Dass die Ordination wie geplant stattfinden kann, war zeitweise nicht sicher. Inmitten der Zurüstung kam ihr zweites Kind zur Welt. Doch aufzugeben oder zumindest den Kurs zu unterbrechen kam für Pagel nicht infrage. Ihr Mann unterstützte sie dabei, reiste mit ihr und den Kindern zu den Kurswochenenden, um ihr die Teilnahme zu ermöglichen.

So wird Pagel ab Sonntag regelmäßig in Merzig auf der Kanzel stehen. „Es ist mir ein Anliegen, Menschen dort abzuholen, wo sie sind“, sagt sie. Kirche müsse mehr zu den Menschen kommen. Um dieses Ziel umsetzen, möchte sie weiterhin ihre Ideen einbringen. Und davon hat sie viele.

So ging beispielsweise die Merziger Aktion „Andacht von draußen“, bei der Pfarrer und Prädikanten die Menschen bei sich zuhause besuchen und dort eine kleine Andacht im Garten oder Hof feiern, auf ihre Initiative zurück. Als Zielgruppe der Aktion sieht Pagel durchaus nicht nur ältere Menschen, die aus gesundheitlichen Gründen nicht in die Kirchen kommen könnten. „Für Familien mit kleinen Kindern ist es oft nicht möglich, Gottesdienste zu besuchen.“, weiß sie aus eigener Erfahrung. Aber an einer Andacht teilnehmen, die vor der eigenen Tür stattfindet, das sei für viele eine schöne Abwechslung.

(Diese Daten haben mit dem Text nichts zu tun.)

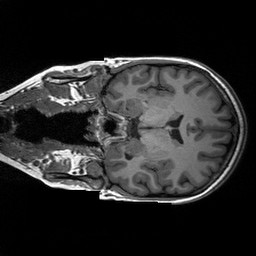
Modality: T1w
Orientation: coronal
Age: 22
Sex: female
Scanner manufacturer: siemens
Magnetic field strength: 3 T
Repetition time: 2.3 s
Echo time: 0.00233 s
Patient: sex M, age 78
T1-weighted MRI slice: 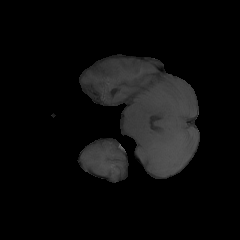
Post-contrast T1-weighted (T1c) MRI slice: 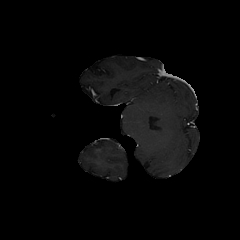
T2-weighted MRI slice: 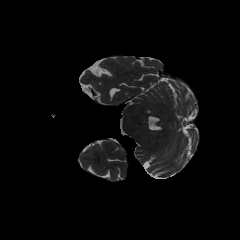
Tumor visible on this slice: no
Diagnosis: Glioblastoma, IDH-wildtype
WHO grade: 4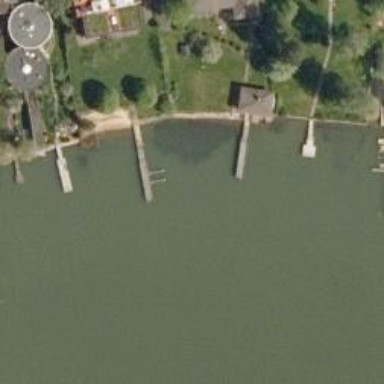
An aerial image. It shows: Man-made pier.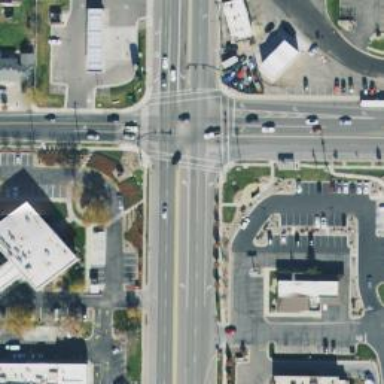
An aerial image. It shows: Crossing on the road with line markings.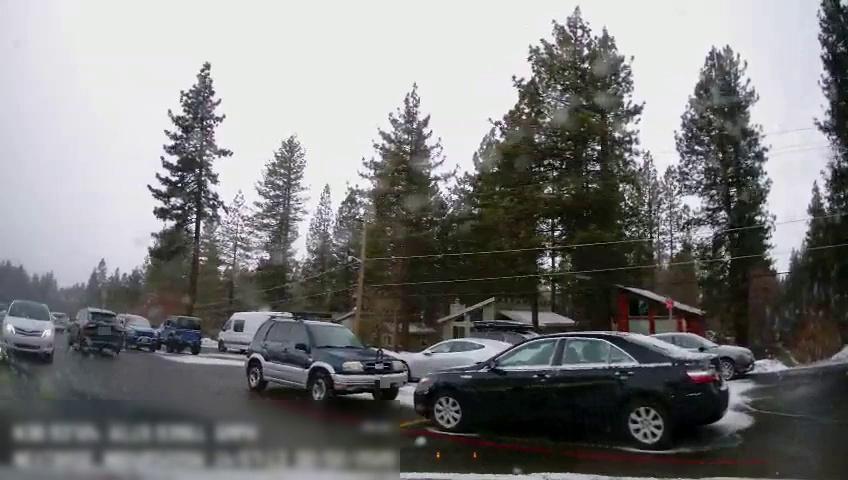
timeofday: Day
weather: Snowy
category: Vehicles | Car
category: Vehicles | Car
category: Vehicles | Car
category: Vehicles | SUV
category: Vehicles | SUV
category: Vehicles | Van
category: Vehicles | SUV
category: Vehicles | SUV
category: Vehicles | Car
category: Drivable Space
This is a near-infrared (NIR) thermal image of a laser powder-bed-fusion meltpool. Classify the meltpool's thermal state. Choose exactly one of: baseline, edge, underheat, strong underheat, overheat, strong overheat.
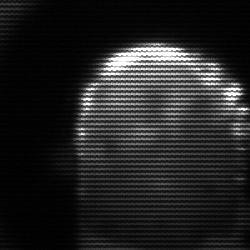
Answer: baseline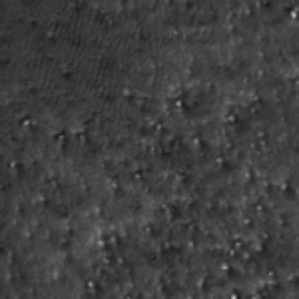
Label: frost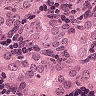
Metastatic tissue present: yes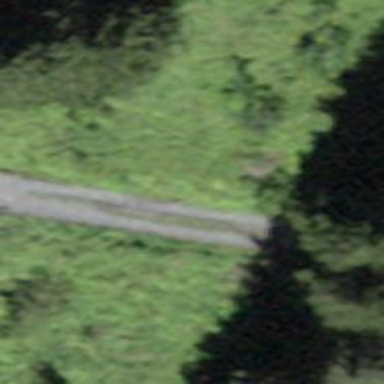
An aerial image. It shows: Track with grade 3 surface.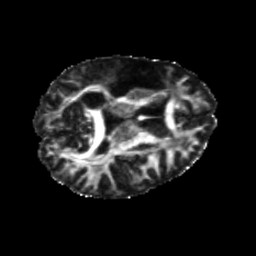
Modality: FA
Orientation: axial
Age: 36
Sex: female
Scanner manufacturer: siemens
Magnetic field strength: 3 T
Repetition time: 5.25 s
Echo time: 0.08 s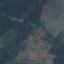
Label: HerbaceousVegetation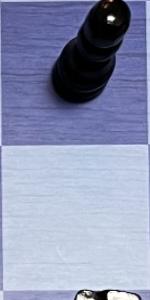
Label: Empty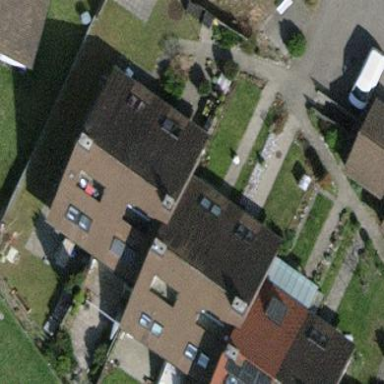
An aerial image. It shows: Terrace building.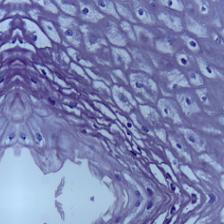
Diagnosis: Normal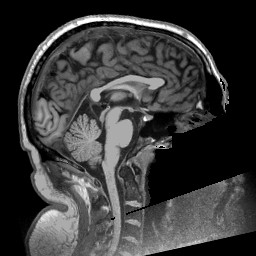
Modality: T1w
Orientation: sagittal
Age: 37
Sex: male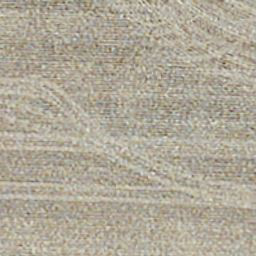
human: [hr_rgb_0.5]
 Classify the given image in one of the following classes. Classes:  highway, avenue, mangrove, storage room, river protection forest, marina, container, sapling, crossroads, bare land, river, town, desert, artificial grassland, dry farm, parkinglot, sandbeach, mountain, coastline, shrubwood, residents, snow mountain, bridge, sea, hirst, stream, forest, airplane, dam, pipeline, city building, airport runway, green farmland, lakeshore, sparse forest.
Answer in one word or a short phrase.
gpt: dry farm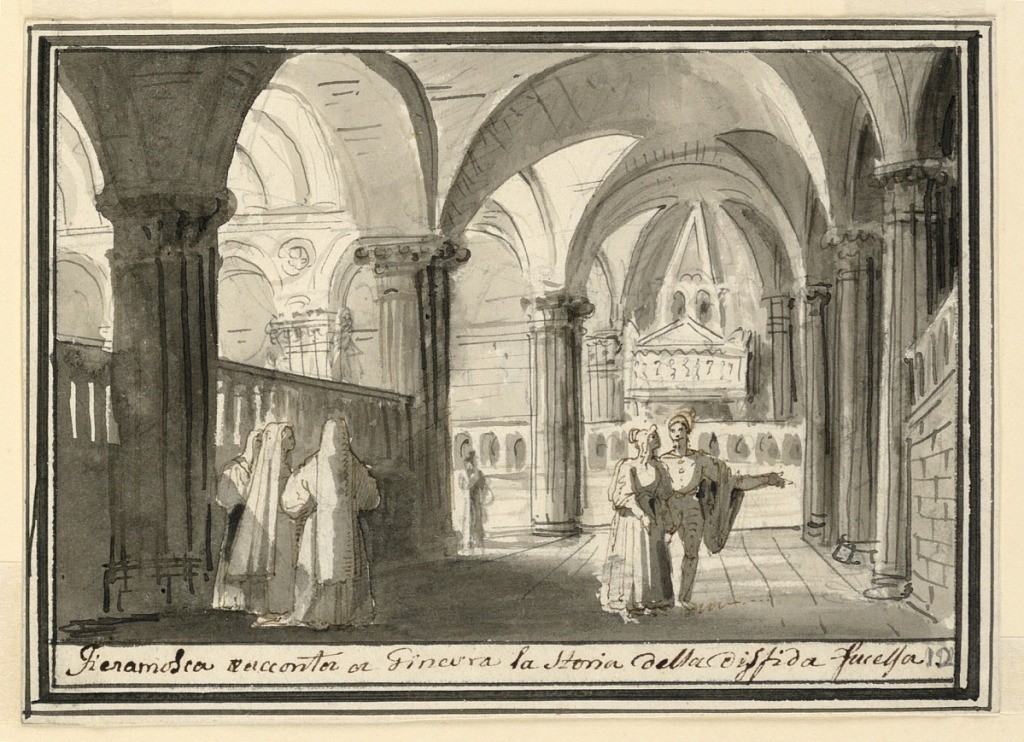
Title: Stage Design, Interior of Church
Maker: Pietro Narducci, Italian, active 1809 - 1841
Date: early 19th century
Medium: Pen and sepia ink, brush and wash on paper
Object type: Drawing
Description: Horizontal rectangle. Interior of church with two groups of people in foreground. At left, group of nuns. At right, man gestures with extended arm, woman watches him and listens to him tell a story.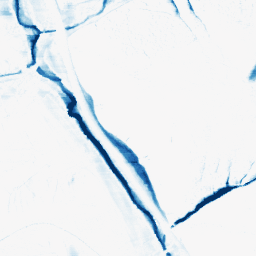
Category: morphological
Decomposition family: morphological_ellipse
Decomposition parameters: operation: closing
width: 5
height: 20
Upsampling method: lanczos
Upsampling parameters: scale: 8
Upsampling scale: 8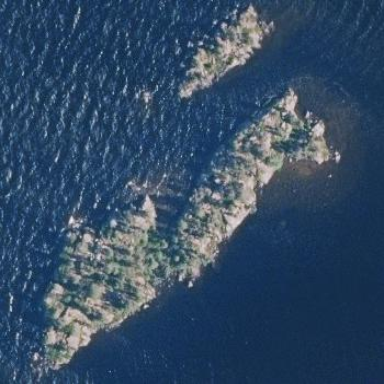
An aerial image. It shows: Islet.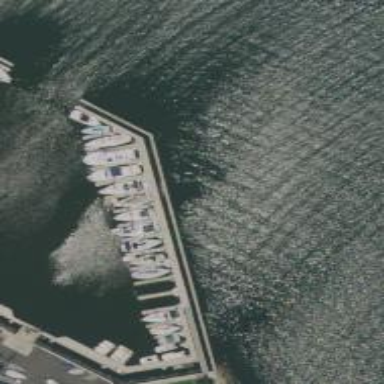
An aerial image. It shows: Man-made pier.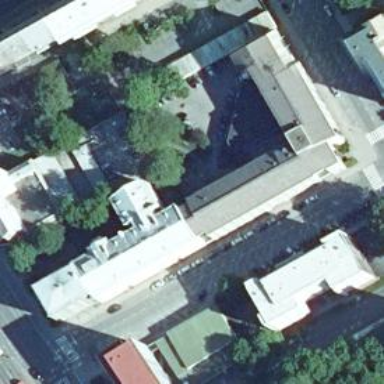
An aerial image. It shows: Building with grey roof.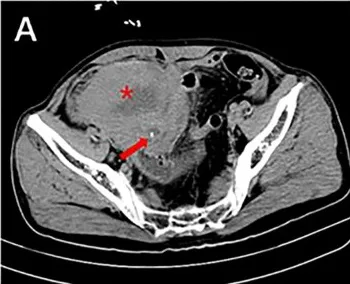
Abdominal contrast-enhanced computed tomography of case one. Plain scan shows a large heterogeneous mass (*) with calcification (red solid arrow) at the margins at the end of the ileum measuring 8.7x7.0 cm.
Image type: radiology (ct)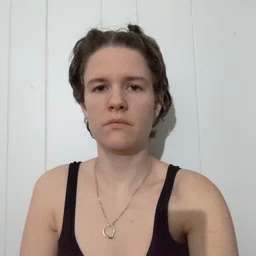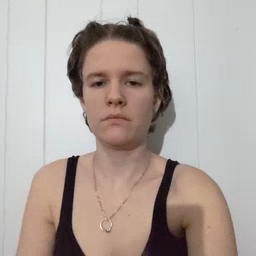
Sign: read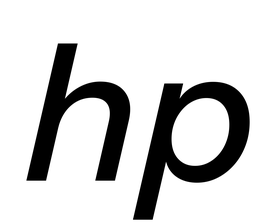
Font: InstrumentSans-Italic_Medium_Italic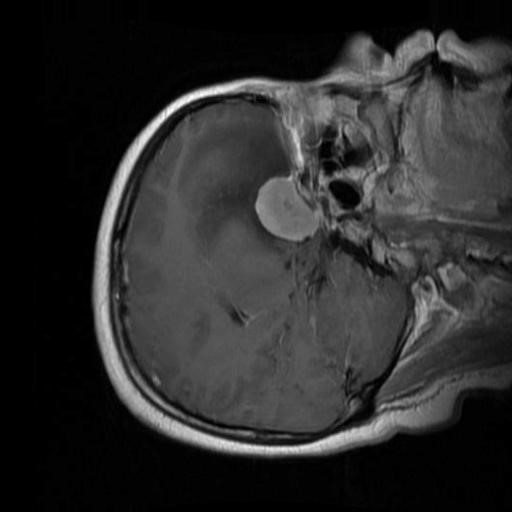
Label: brain_menin
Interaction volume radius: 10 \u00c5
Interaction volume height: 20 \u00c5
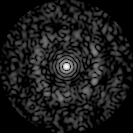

Und so ist ihr anderes Ziel auch ein persönliches: „Ich möchte den Glauben in den Familien beleben“, betont Pagel.

Die Ordination von Silja Pagel findet corona-bedingt nicht in der Evangelischen Friedenskirche, sondern in der katholischen Pfarrkirche St. Peter in Merzig, Propsteistraße 1, statt. Der Gottesdienst beginnt um 15 Uhr. Da die Plätze begrenzt sind, ist eine Voranmeldung beim Evangelischen Gemeindeamt notwendig: Tel. 06861-6295, Mail: merzig@ekir.de.

 

Hintergrund:

In der Evangelischen Kirche im Rheinland (EKiR) können ehrenamtlich und beruflich Mitarbeitende nach landeskirchlichen Vorbereitungskursen ordiniert und in den Dienst der Prädikantin oder des Prädikanten berufen werden.

Neben der Gabe der Wortverkündigung sollen Prädikantinnen und Prädikanten über eine ausreichende Allgemeinbildung und biblische Kenntnisse verfügen sowie Verständnis für theologische Fragen zeigen und sich im kirchlichen Leben bewährt haben.
Sie hießen in der EKiR bis Anfang 2004 „Predigthelfer" oder „Predigthelferin“, heute hat sich die Bezeichnung Prädikantin oder Prädikant durchgesetzt.

Sie kommen aus allen Altersgruppen, Berufen und sozialen Schichten und tun ihren Dienst im strikten Sinne ehrenamtlich. Dabei tragen sie in der Ausübung ihres Predigtdienstes ebenso wie die Pfarrerinnen und Pfarrer den Talar.

Im Saarland gibt es auf dem Gebiet des Kirchenkreisverbands An der Saar aktuell 30 Prädikantinnen und Prädikanten.